The Strasbourg Human Rights Court granted the urgent interim measure under Rule 39 of the Rules of Court, which empowers it to give one such order to any State Party to the European Convention on Human Rights.
Despite leaving the European Union in 2016, Britain remains a member of the Council of Europe as well as a signatory to the European Convention on Human Rights. As an institution, the EHCR is independent of the European Union, meaning that Brexit does not affect Britain’s accountability to the Human Rights Court.
— ECHR CEDH (@ECHR_CEDH) June 14, 2022
The EHCR ruling acknowledged that the UK’s plan to process and settle asylum seekers in Rwanda put the applicants at “a real risk of irreversible harm,” subsequently violating the refugees’ Convention rights.
They said the Home Office should not fly any asylum seeker to Rwanda until the UK’s domestic courts issue their final decision on the legality of the new policy, following its judicial review scheduled for next month.
In April this year, the UK government entered into an agreement with Rwanda which enables the deportation of any adult refugee entering the UK illegally to the Central African country. There, the measure says, asylum seekers will settle while the UK Government considers their asylum claims. In return, Britain would pay Rwanda £120 million for economic development programs.
According to the Conservative government, their hard-line policy is primarily targeted at the people-smuggling business, which they say is responsible for the death of asylum seekers in the English Channel, an arm of the Atlantic Ocean separating the northern coast of France from southern England. Through the Strait of Dover at its northeastern end, the English Channel also links to the southern part of the North Sea, making it the busiest shipping area in the world and a particularly dangerous route for a small, badly made, and often overcrowded boat.
In November last year, at least 27 people, including one pregnant woman and three children, drowned in the Channel as they attempted to make the crossing.

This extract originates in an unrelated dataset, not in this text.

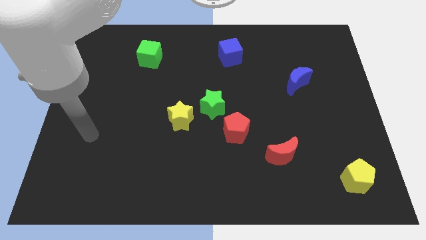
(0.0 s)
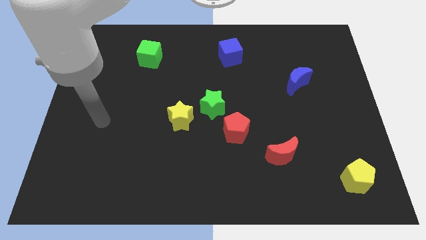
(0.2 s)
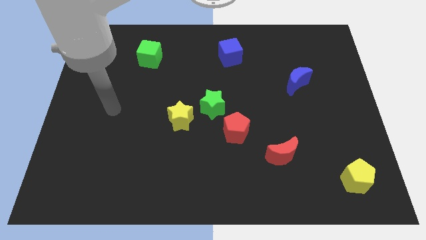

Overall, in 2021, more than 25,700 people attempted to reach the UK from France by boat – three times the 2020 rate. In 2021, at least 150 people died crossing the Channel, but charities warned the number could be far higher due to the challenges of collecting data.
The British government contends the solution is to try and deter asylum seekers from making the journey at all.
The agreement was met with outrage from the opposition, the majority of the public, religious figures, and even from Prince Charles, the heir to the throne. Critics accuse the government of pushing an unworkable and inhumane policy for the sake of looking tough on those seeking to enter Britain illegally, fulfilling, at least in appearance, the Brexit campaign promise to “take back control” of the country’s borders.
They also denounced the aggressive implementation of the policy as an attempt from Prime Minister Boris Johnson to save his face after weeks of bad press over the Partygate scandal, and his narrow escape from a no-confidence motion last week.
Home Secretary Priti Patel called the intervention of the EHCR “disappointing and surprising given the repeated and considered judgments to the contrary in our domestic courts.”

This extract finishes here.